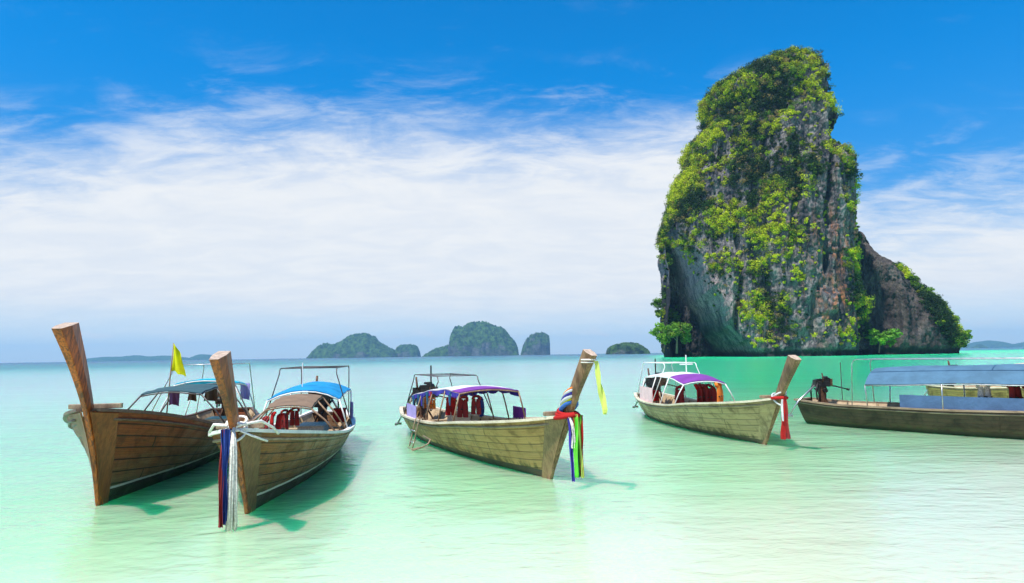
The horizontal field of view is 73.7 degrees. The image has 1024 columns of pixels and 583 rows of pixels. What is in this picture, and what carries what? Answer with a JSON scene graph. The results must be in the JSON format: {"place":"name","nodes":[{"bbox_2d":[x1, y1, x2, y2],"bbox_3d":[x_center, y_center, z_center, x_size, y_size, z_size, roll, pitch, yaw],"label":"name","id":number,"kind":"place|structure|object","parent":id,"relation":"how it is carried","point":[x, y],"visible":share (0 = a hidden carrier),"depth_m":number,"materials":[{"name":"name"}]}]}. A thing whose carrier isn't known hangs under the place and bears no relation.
{"place":"outdoors","nodes":[
{"label":"outdoors","id":0,"kind":"place"},
{"bbox_2d":[87,355,188,361],"bbox_3d":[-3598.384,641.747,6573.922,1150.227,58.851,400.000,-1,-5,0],"label":"hills","id":1,"kind":"structure","parent":0,"point":[141,358],"depth_m":6403.09,"materials":[{"name":"blue"}]},
{"bbox_2d":[187,354,211,359],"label":"hills","id":2,"kind":"structure","parent":0,"point":[202,357],"depth_m":6316.67,"materials":[{"name":"blue"}]},
{"bbox_2d":[422,321,518,356],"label":"island","id":3,"kind":"structure","parent":0,"point":[478,338],"depth_m":3108.20,"materials":[{"name":"plant"}]},
{"bbox_2d":[0,347,1023,582],"bbox_3d":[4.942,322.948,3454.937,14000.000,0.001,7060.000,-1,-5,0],"label":"sea water","id":4,"kind":"structure","parent":0,"point":[645,499],"depth_m":10.09,"materials":[{"name":"teal liquid"}]},
{"bbox_2d":[51,322,259,505],"bbox_3d":[-6.905,2.396,14.115,2.440,2.990,11.526,0,-5,-12],"label":"longtail boat","id":5,"kind":"object","parent":4,"relation":"on","point":[128,450],"visible":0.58,"depth_m":10.53,"materials":[{"name":"brown wood"}]},
{"bbox_2d":[169,391,179,405],"bbox_3d":[-7.377,2.341,14.912,0.227,0.321,0.076,0,-5,-6],"label":"hanging towel","id":6,"kind":"object","parent":5,"relation":"hanging from","point":[174,398],"visible":0.93,"depth_m":14.91,"materials":[{"name":"fabric"}]},
{"bbox_2d":[166,343,185,412],"bbox_3d":[-7.620,1.993,15.493,0.417,1.652,0.106,-1,-5,0],"label":"flag","id":7,"kind":"object","parent":5,"relation":"attached to","point":[177,365],"visible":0.99,"depth_m":15.52,"materials":[{"name":"yellow fabric"}]},
{"bbox_2d":[187,394,196,401],"bbox_3d":[-7.691,2.467,16.425,0.215,0.361,0.076,1,-6,-17],"label":"hanging rag","id":8,"kind":"object","parent":5,"relation":"hanging from","point":[192,397],"visible":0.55,"depth_m":16.41,"materials":[{"name":"brown fabric"}]},
{"bbox_2d":[204,384,217,401],"bbox_3d":[-7.419,2.501,16.837,0.346,0.441,0.142,0,-5,-11],"label":"hanging garment","id":9,"kind":"object","parent":5,"relation":"hanging from","point":[212,395],"visible":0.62,"depth_m":16.83,"materials":[{"name":"brown fabric"}]},
{"bbox_2d":[204,416,226,422],"bbox_3d":[-7.341,3.252,17.191,0.612,0.167,0.824,0,-5,-12],"label":"bench board","id":10,"kind":"object","parent":5,"relation":"on","point":[216,419],"visible":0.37,"depth_m":16.84,"materials":[{"name":"blue wood"}]},
{"bbox_2d":[240,383,249,399],"bbox_3d":[-7.123,2.675,18.215,0.246,0.440,0.076,0,-5,-11],"label":"hanging towel","id":11,"kind":"object","parent":5,"relation":"hanging from","point":[244,391],"visible":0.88,"depth_m":18.21,"materials":[{"name":"blue fabric"}]},
{"bbox_2d":[208,351,355,513],"bbox_3d":[-4.157,2.462,13.004,1.990,2.570,10.898,0,-5,-8],"label":"longtail boat","id":12,"kind":"object","parent":4,"relation":"on","point":[282,462],"visible":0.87,"depth_m":10.10,"materials":[{"name":"brown wood"}]},
{"bbox_2d":[208,415,278,531],"bbox_3d":[-3.445,2.323,8.729,0.887,1.435,0.688,1,-6,-19],"label":"prow garland","id":13,"kind":"object","parent":12,"relation":"hanging from","point":[227,517],"visible":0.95,"depth_m":8.43,"materials":[{"name":"multicoloured fabric"}]},
{"bbox_2d":[270,411,276,428],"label":"life jacket","id":14,"kind":"object","parent":12,"relation":"hanging from","point":[272,417],"visible":0.73,"depth_m":13.11,"materials":[{"name":"red fabric"}]},
{"bbox_2d":[275,413,282,428],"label":"life jacket","id":15,"kind":"object","parent":12,"relation":"hanging from","point":[278,421],"visible":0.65,"depth_m":12.60,"materials":[{"name":"red fabric"}]},
{"bbox_2d":[280,409,287,427],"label":"life jacket","id":16,"kind":"object","parent":12,"relation":"hanging from","point":[283,420],"visible":0.52,"depth_m":13.65,"materials":[{"name":"red fabric"}]},
{"bbox_2d":[285,409,291,429],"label":"life jacket","id":17,"kind":"object","parent":12,"relation":"hanging from","point":[286,419],"visible":0.98,"depth_m":12.94,"materials":[{"name":"red fabric"}]},
{"bbox_2d":[289,408,299,425],"bbox_3d":[-4.279,2.461,13.480,0.215,0.367,0.113,-3,-6,17],"label":"life jacket","id":18,"kind":"object","parent":12,"relation":"hanging from","point":[294,415],"visible":0.92,"depth_m":13.44,"materials":[{"name":"red fabric"}]},
{"bbox_2d":[296,421,328,430],"bbox_3d":[-4.532,3.109,15.568,0.612,0.187,0.927,0,-5,-8],"label":"bench board","id":19,"kind":"object","parent":12,"relation":"on","point":[322,426],"visible":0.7,"depth_m":15.18,"materials":[{"name":"blue wood"}]},
{"bbox_2d":[333,408,345,421],"bbox_3d":[-4.277,3.061,16.930,0.306,0.327,0.360,0,-5,-8],"label":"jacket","id":20,"kind":"object","parent":12,"relation":"on","point":[338,411],"visible":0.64,"depth_m":16.77,"materials":[{"name":"red fabric"}]},
{"bbox_2d":[306,333,397,357],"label":"island","id":21,"kind":"structure","parent":4,"relation":"in","point":[362,345],"depth_m":3424.75,"materials":[{"name":"green plant"}]},
{"bbox_2d":[395,344,420,356],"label":"island","id":22,"kind":"structure","parent":4,"relation":"in","point":[407,350],"depth_m":3637.82,"materials":[{"name":"blue"}]},
{"bbox_2d":[395,349,596,478],"bbox_3d":[-0.795,2.620,15.099,1.890,2.540,10.747,1,-6,-22],"label":"longtail boat","id":23,"kind":"object","parent":4,"relation":"on","point":[520,441],"visible":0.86,"depth_m":12.85,"materials":[{"name":"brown wood"}]},
{"bbox_2d":[407,416,430,450],"bbox_3d":[-2.085,3.277,15.496,0.477,0.774,1.365,1,-6,-22],"label":"boarding ladder","id":24,"kind":"object","parent":23,"relation":"attached to","point":[417,448],"visible":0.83,"depth_m":15.76,"materials":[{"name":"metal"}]},
{"bbox_2d":[424,396,429,407],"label":"life jacket","id":25,"kind":"object","parent":23,"relation":"hanging from","point":[425,404],"visible":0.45,"depth_m":17.20,"materials":[{"name":"orange fabric"}]},
{"bbox_2d":[429,398,435,408],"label":"life jacket","id":26,"kind":"object","parent":23,"relation":"hanging from","point":[433,404],"visible":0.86,"depth_m":16.73,"materials":[{"name":"orange fabric"}]},
{"bbox_2d":[445,396,455,414],"bbox_3d":[-1.373,2.578,15.441,0.259,0.441,0.136,-2,-6,17],"label":"life jacket","id":27,"kind":"object","parent":23,"relation":"hanging from","point":[450,409],"visible":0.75,"depth_m":15.39,"materials":[{"name":"red fabric"}]},
{"bbox_2d":[447,411,470,420],"bbox_3d":[-1.286,3.038,16.524,0.510,0.247,0.360,1,-6,-22],"label":"storage box","id":28,"kind":"object","parent":23,"relation":"on","point":[449,417],"visible":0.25,"depth_m":16.38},
{"bbox_2d":[457,396,468,417],"bbox_3d":[-1.060,2.500,14.818,0.270,0.460,0.142,-3,-6,24],"label":"life jacket","id":29,"kind":"object","parent":23,"relation":"hanging from","point":[464,409],"visible":0.98,"depth_m":14.77,"materials":[{"name":"red fabric"}]},
{"bbox_2d":[471,395,480,414],"bbox_3d":[-0.761,2.424,14.624,0.241,0.410,0.127,-3,-6,23],"label":"life jacket","id":30,"kind":"object","parent":23,"relation":"hanging from","point":[475,406],"visible":1,"depth_m":14.59,"materials":[{"name":"red fabric"}]},
{"bbox_2d":[477,397,484,416],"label":"life jacket","id":31,"kind":"object","parent":23,"relation":"hanging from","point":[482,407],"visible":0.83,"depth_m":15.05,"materials":[{"name":"blue fabric"}]},
{"bbox_2d":[553,387,583,481],"bbox_3d":[0.917,2.251,10.982,0.418,1.481,0.719,1,-6,-22],"label":"prow garland","id":32,"kind":"object","parent":23,"relation":"attached to","point":[575,423],"visible":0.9,"depth_m":10.76,"materials":[{"name":"multicoloured fabric"}]},
{"bbox_2d":[581,359,607,413],"bbox_3d":[1.213,1.439,10.351,0.229,0.832,0.431,3,-7,-37],"label":"prow top ribbon","id":33,"kind":"object","parent":23,"relation":"attached to","point":[601,394],"visible":0.9,"depth_m":10.28,"materials":[{"name":"yellow fabric"}]},
{"bbox_2d":[606,342,650,353],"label":"island","id":34,"kind":"structure","parent":4,"relation":"on","point":[628,348],"depth_m":1459.70,"materials":[{"name":"plant"}]},
{"bbox_2d":[648,322,673,352],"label":"tree","id":35,"kind":"object","parent":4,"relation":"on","point":[656,333],"visible":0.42,"depth_m":297.01,"materials":[{"name":"green plant"}]},
{"bbox_2d":[660,322,692,353],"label":"tree","id":36,"kind":"object","parent":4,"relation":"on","point":[676,331],"visible":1,"depth_m":289.55,"materials":[{"name":"green plant"}]},
{"bbox_2d":[632,355,801,444],"bbox_3d":[5.318,2.960,18.958,1.990,2.390,10.281,0,-5,-6],"label":"longtail boat","id":37,"kind":"object","parent":4,"relation":"on","point":[751,420],"visible":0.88,"depth_m":16.97,"materials":[{"name":"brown wood"}]},
{"bbox_2d":[652,390,658,400],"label":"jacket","id":38,"kind":"object","parent":37,"relation":"on","point":[656,397],"visible":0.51,"depth_m":22.07,"materials":[{"name":"red fabric"}]},
{"bbox_2d":[674,385,684,402],"bbox_3d":[5.112,3.180,20.719,0.206,0.667,0.392,3,-6,-34],"label":"life jacket","id":39,"kind":"object","parent":37,"relation":"hanging from","point":[680,399],"visible":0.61,"depth_m":20.66,"materials":[{"name":"red fabric"}]},
{"bbox_2d":[694,384,700,401],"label":"life jacket","id":40,"kind":"object","parent":37,"relation":"hanging from","point":[697,387],"visible":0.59,"depth_m":20.44,"materials":[{"name":"red fabric"}]},
{"bbox_2d":[698,383,704,401],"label":"life jacket","id":41,"kind":"object","parent":37,"relation":"hanging from","point":[702,393],"visible":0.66,"depth_m":20.14,"materials":[{"name":"red fabric"}]},
{"bbox_2d":[701,384,706,401],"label":"life jacket","id":42,"kind":"object","parent":37,"relation":"hanging from","point":[703,385],"visible":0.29,"depth_m":20.02,"materials":[{"name":"red fabric"}]},
{"bbox_2d":[705,384,712,401],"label":"life jacket","id":43,"kind":"object","parent":37,"relation":"hanging from","point":[709,394],"visible":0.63,"depth_m":19.59,"materials":[{"name":"red fabric"}]},
{"bbox_2d":[709,385,716,401],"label":"life jacket","id":44,"kind":"object","parent":37,"relation":"hanging from","point":[712,387],"visible":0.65,"depth_m":19.27,"materials":[{"name":"red fabric"}]},
{"bbox_2d":[713,381,723,401],"bbox_3d":[5.742,2.830,19.002,0.217,0.704,0.413,-4,-6,33],"label":"life jacket","id":45,"kind":"object","parent":37,"relation":"hanging from","point":[718,386],"visible":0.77,"depth_m":18.87,"materials":[{"name":"orange fabric"}]},
{"bbox_2d":[770,392,790,439],"bbox_3d":[5.793,2.599,14.712,0.360,1.110,0.607,-1,-5,5],"label":"prow garland","id":46,"kind":"object","parent":37,"relation":"attached to","point":[784,433],"visible":0.94,"depth_m":14.50,"materials":[{"name":"red fabric"}]},
{"bbox_2d":[864,328,902,352],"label":"tree","id":47,"kind":"object","parent":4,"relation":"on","point":[883,337],"visible":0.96,"depth_m":259.64,"materials":[{"name":"green plant"}]},
{"bbox_2d":[788,357,1023,439],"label":"longtail boat","id":48,"kind":"object","parent":4,"relation":"on","point":[980,417],"visible":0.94,"depth_m":16.84,"materials":[{"name":"brown wood"}]},
{"bbox_2d":[976,385,992,397],"bbox_3d":[11.260,2.447,16.310,0.350,0.596,0.184,-1,-5,0],"label":"life jacket","id":49,"kind":"object","parent":48,"relation":"hanging from","point":[985,390],"visible":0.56,"depth_m":16.25,"materials":[{"name":"grey fabric"}]},
{"bbox_2d":[1006,386,1023,398],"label":"life jacket","id":50,"kind":"object","parent":48,"relation":"hanging from","point":[1015,392],"visible":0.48,"depth_m":15.80,"materials":[{"name":"red fabric"}]},
{"bbox_2d":[924,360,1023,398],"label":"longtail boat","id":51,"kind":"object","parent":4,"relation":"on","point":[972,391],"visible":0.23,"depth_m":26.13,"materials":[{"name":"yellow wood"}]},
{"bbox_2d":[971,344,987,347],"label":"island","id":52,"kind":"structure","parent":4,"relation":"on","point":[979,346],"depth_m":4950.95,"materials":[{"name":"blue"}]},
{"bbox_2d":[0,0,1023,362],"label":"sky","id":53,"kind":"structure","parent":0,"point":[249,179],"materials":[{"name":"blue"}]},
{"bbox_2d":[521,331,549,354],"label":"island","id":54,"kind":"structure","parent":0,"point":[536,343],"depth_m":3231.36,"materials":[{"name":"plant"}]},
{"bbox_2d":[962,340,1023,347],"bbox_3d":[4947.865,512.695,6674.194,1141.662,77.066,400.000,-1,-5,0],"label":"hills","id":55,"kind":"structure","parent":0,"point":[993,344],"depth_m":6518.55,"materials":[{"name":"blue"}]},
{"bbox_3d":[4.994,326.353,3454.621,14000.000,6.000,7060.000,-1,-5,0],"label":"seabed","id":56,"kind":"structure","parent":0,"visible":0},
{"bbox_2d":[657,52,959,356],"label":"limestone stack","id":57,"kind":"object","parent":56,"relation":"on","point":[887,286],"visible":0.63,"depth_m":263.77,"materials":[{"name":"grey stone"}]},
{"bbox_2d":[650,297,661,312],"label":"tree","id":58,"kind":"object","parent":57,"relation":"on","point":[656,303],"visible":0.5,"depth_m":320.65,"materials":[{"name":"green plant"}]},
{"bbox_2d":[655,304,681,325],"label":"tree","id":59,"kind":"object","parent":57,"relation":"on","point":[673,315],"visible":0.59,"depth_m":307.80,"materials":[{"name":"green plant"}]},
{"bbox_2d":[654,45,969,351],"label":"cliff shrubs","id":60,"kind":"object","parent":57,"relation":"on","point":[679,194],"visible":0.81,"depth_m":266.39,"materials":[{"name":"green plant"}]},
{"bbox_2d":[964,329,972,338],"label":"tree","id":61,"kind":"object","parent":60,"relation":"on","point":[969,335],"visible":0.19,"depth_m":276.13,"materials":[{"name":"green plant"}]}
]}

======

Go through the data above and copy each line in which "outdoors" appears.

{"place":"outdoors","nodes":[
{"label":"outdoors","id":0,"kind":"place"},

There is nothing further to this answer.